Moreover, the motivation to promote transparency, although tacitly stated in the EITI documents, also relates to its indirect capacity to contribute to better governance of domestic institutions and the processes of democratisation. Examining the transmission of the norm transparency in East and Central Europe (2002, p. 469), Alexander Grigorescu writes that in the context of new democracies, transparency is important as it leads to greater public understanding and support for government policy. Such claims are broadly relating to studies of democracy where transparency is seen as an important factor implicitly contributing to democratic consolidation and democratic legitimation (Heritier, 2003). Juan Linz and Alfred Stepan (1996, p. 3) define democratisation as “open

contestation over the right to win control of the government, and this in turn requires free competitive elections, the results of which determine who governs”. Given these notions, transparency determines the procedures and governance of democratic association, as it enables to ask questions on who rules, and how rulers came into power, how the elections are held and how decisions are taken. In doing so, transparency forms the cornerstone of democratic processes.

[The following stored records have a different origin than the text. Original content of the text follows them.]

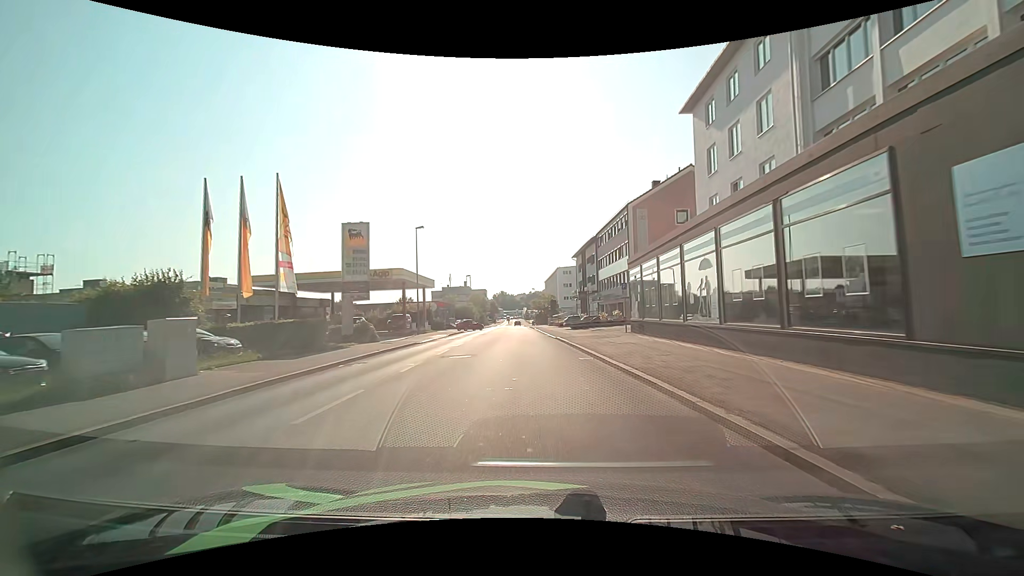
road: tertiary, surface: asphalt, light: Day
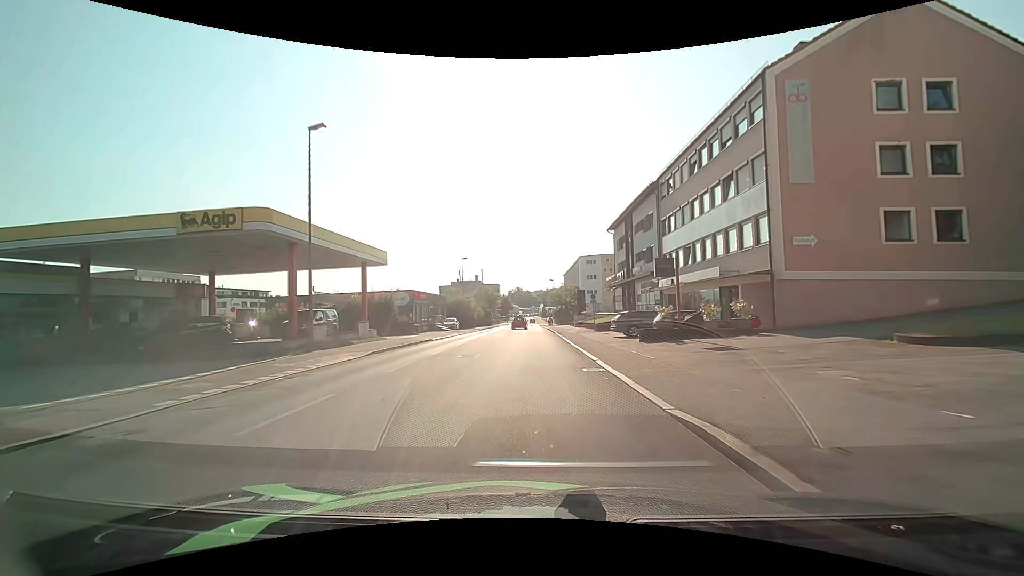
(-0.3, +25.0) m; -2°
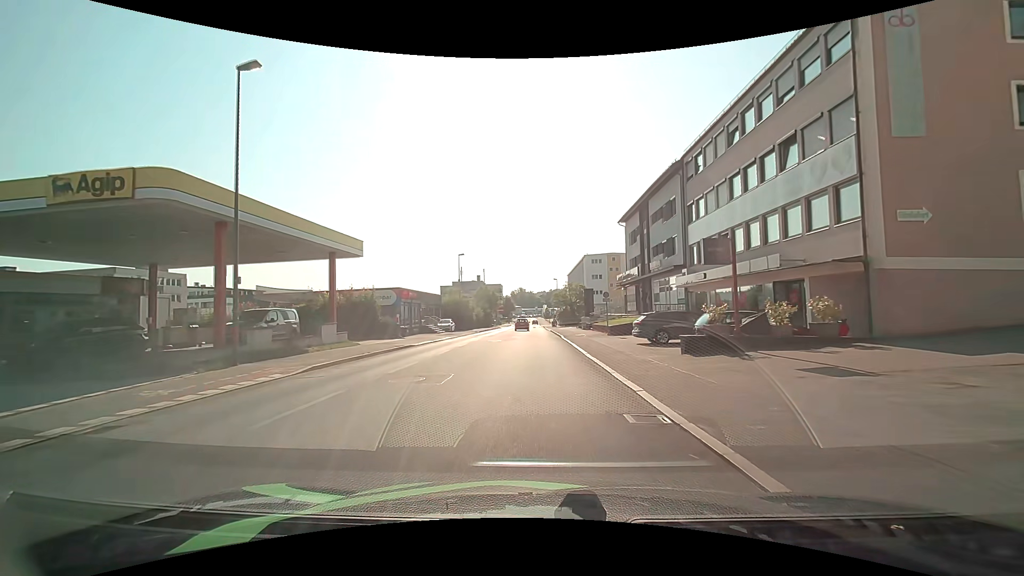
(0.0, +5.8) m; 0°
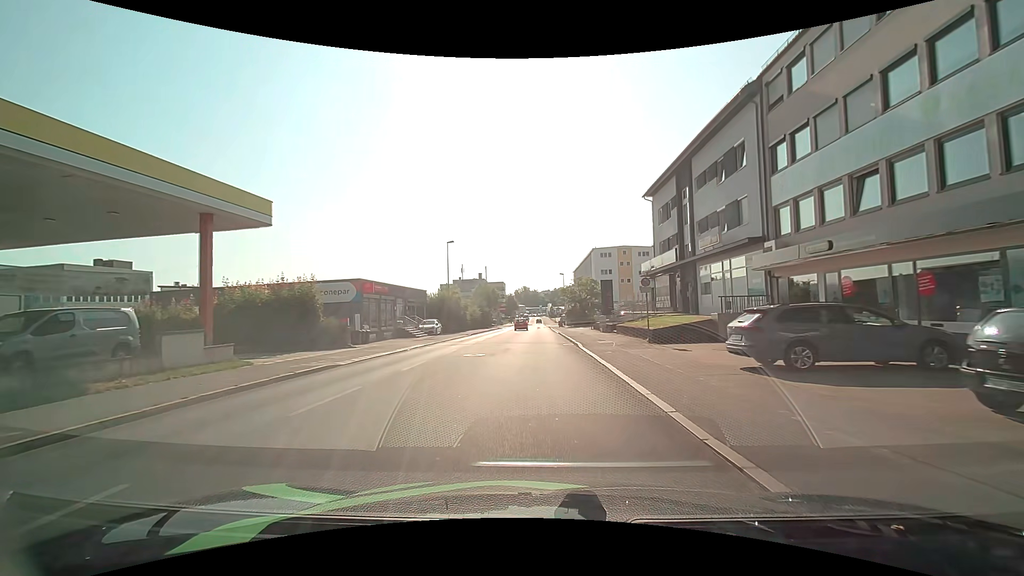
(0.0, +11.1) m; -1°
(0, +10) (0, +20) (0, +30) (0, +40) (+1, +50) (+1, +60) (+1, +70) (+1, +80) (+1, +90) (+1, +100) m

The EITI documents hint at such notions. For instance, the EITI requires extractive industry operations to work under a fully transparent legal framework and demands the disclosure of information on “how the extractive sector is managed, enabling stakeholders to understand the laws and procedures for the award of exploration and production rights, the legal, regulatory and contractual framework that apply to the extractive sector, and the institutional responsibilities of the state in managing the sector” (The EITI Standard, 2016 p. 17). In addition, the World Bank Group (2013, para.12) further states: “although EITI originated in the extractives industries, the same tools could be used as successfully in other sectors by underscoring citizen participation, institutional strengthening of government agencies and strengthening the rule of law to attract investment”.